Сегодня, когда у значительной части фортепианной молодежи наблюдается тенденция к безудержному новаторству, вмещающемуся в короткую формулу «играть как можно быстрей и громче», верность традициям отечественной исполнительской школы выглядит своеобразной «новацией наоборот». Сколько раз за последние годы на различных конкурсах мы слышали этюды Шопена, превращенные в спринтерские забеги. Скавронский же прежде всего старается услышать в них биение авторского сердца, движение его мысли. Вот почему шесть этюдов 25-го опуса прозвучали в его концерте как разнохарактерные содержательные миниатюры, в которых виртуозность не била в глаза, а казалась само собой разумеющейся, отчего воздействие ее было художественным, а не спортивным.

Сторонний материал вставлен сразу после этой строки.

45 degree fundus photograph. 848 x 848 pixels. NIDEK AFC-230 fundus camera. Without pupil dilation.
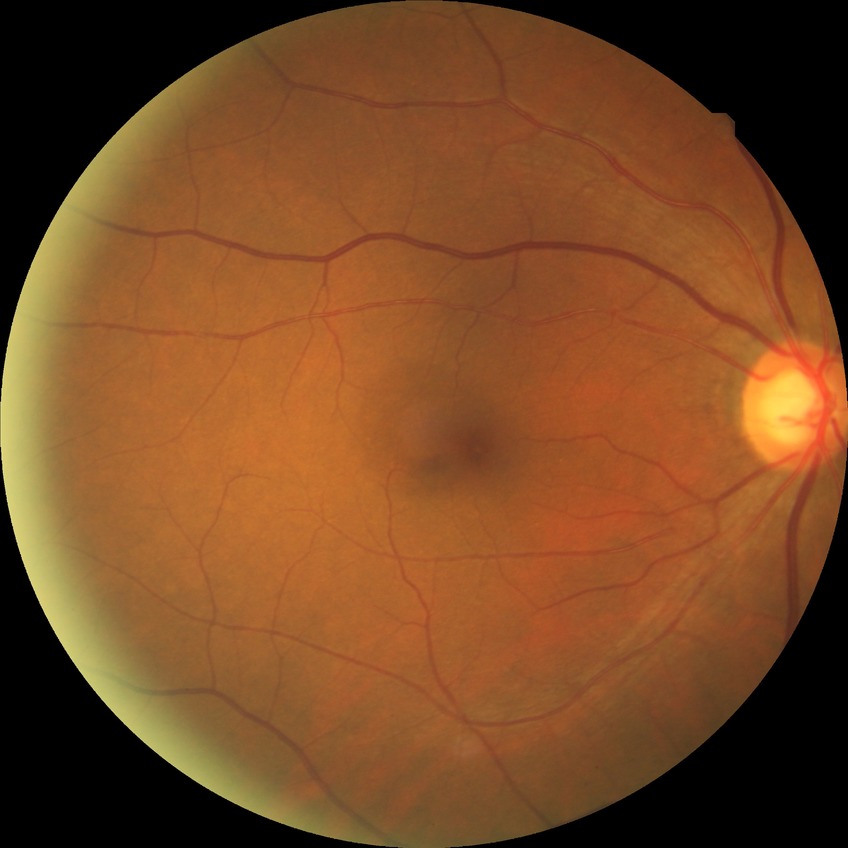

diabetic retinopathy (DR): NDR (no diabetic retinopathy)
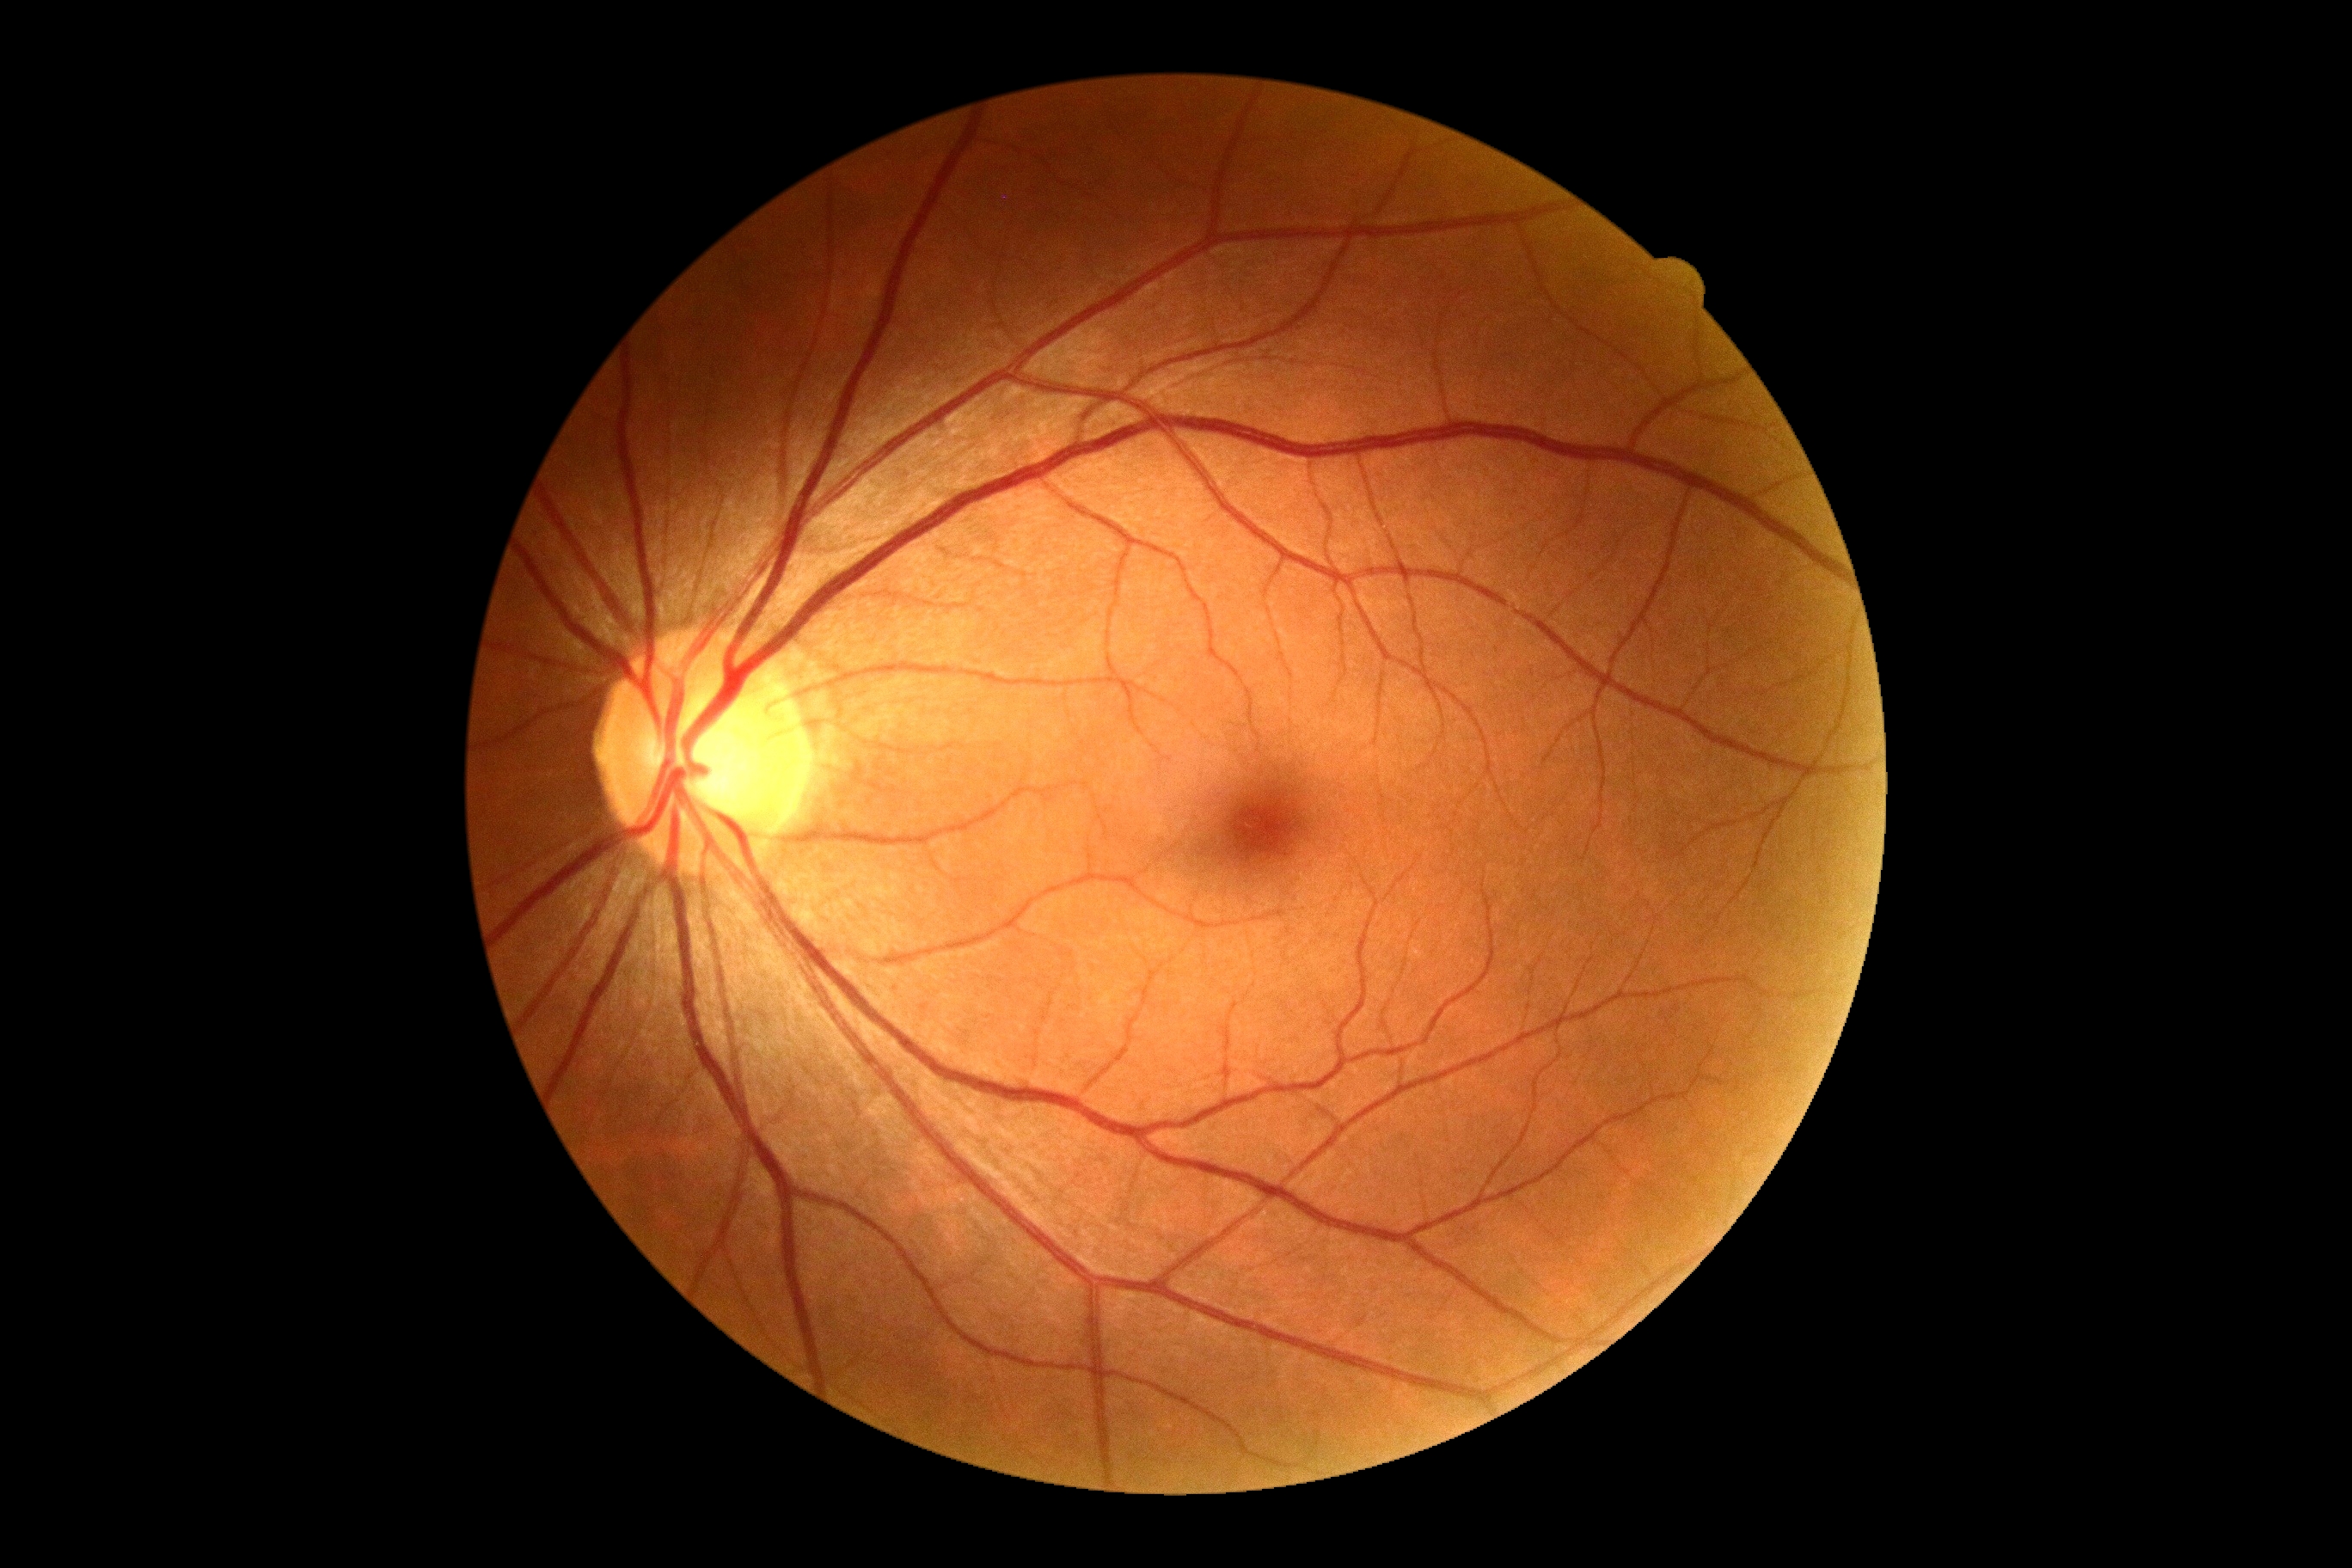
{"dr_grade": "no apparent diabetic retinopathy (0)"}

Сочетание романтического и классического начал в исполнении Скавронского проявилось и в архитектуре концерта. Он построил его по излюбленной бетховенской формуле «от сумрака через страдание к торжеству света». Сумрачный Полонез ми-бемоль-мажор таил в себе предвосхищение драматических событий, которые нагнетались с каждым проведением основного мелодического эпизода, но Скавронский держал свои эмоции в узде, не забывая и о том, что при всем драматизме Полонез все-таки танец. По музыкальному словарю Гроува, «ноктюрн — это небольшая лирическая пьеса обычно в характере спокойного размышления». Скавронский играл Ноктюрн ми-бемоль-мажор как будто бы в соответствии с определением Гроува, но декламационный диалог мелодии и аккомпанемента не внушал спокойствия, хотя Скавронский вел его сдержанно, без особой «чувствительности». Его рубато (которым пианист уверенно пользовался в рамках авторского темпоритма) таило где-то в своей глубине готовность к грядущим конфликтам, и «небольшая лирическая пьеса» органично подводила к драматическим потрясениям знаменитой Сонаты № 2 си-бемоль-минор.
Это тоже своего рода новаторство: в век безумных скоростей сыграть первую часть без истерики и конвульсий, зато прочувствовав ее взволнованный импульс. Скерцо в трактовке Скавронского еще больше усиливало тревогу — не спасал даже певучий средний эпизод, который звучал под пальцами пианиста по-оркестровому многотемброво. И вот он, знаменитый Траурный марш, уже навязший в зубах от множества профессиональных и ремесленных трактовок. Мне кажется, что Скавронский заслуживает специальной премии за средний эпизод, особенно за выверенную мерность движения аккомпанемента, над которым парила светло-скорбная мелодия. И снова мужская сдержанность чувств, которая кому-то может показаться сухостью, а мне виделась сила воли даже в минуты скорби. Для романтических «бури и натиска» пианист выбрал Балладу № 4 фа-минор. Но и здесь, верный себе, он до поры смирял эмоции и лишь в заключительной части показал, какие бурные страсти кипят в его душе.
Несколько выбилась из общего плана концерта Баркарола, скорее всего, потому, что Скавронский изменил своей проникновенной певучести звука и его форте сделалось излишне плотным и жестким. Зато заключительный Полонез ля-бемоль-мажор предстал во всем блеске своего гордого величия. Он стал кульминацией всей программы, прорывом к свету, продемонстрировав, кроме исполнительского, еще и режиссерское мастерство пианиста.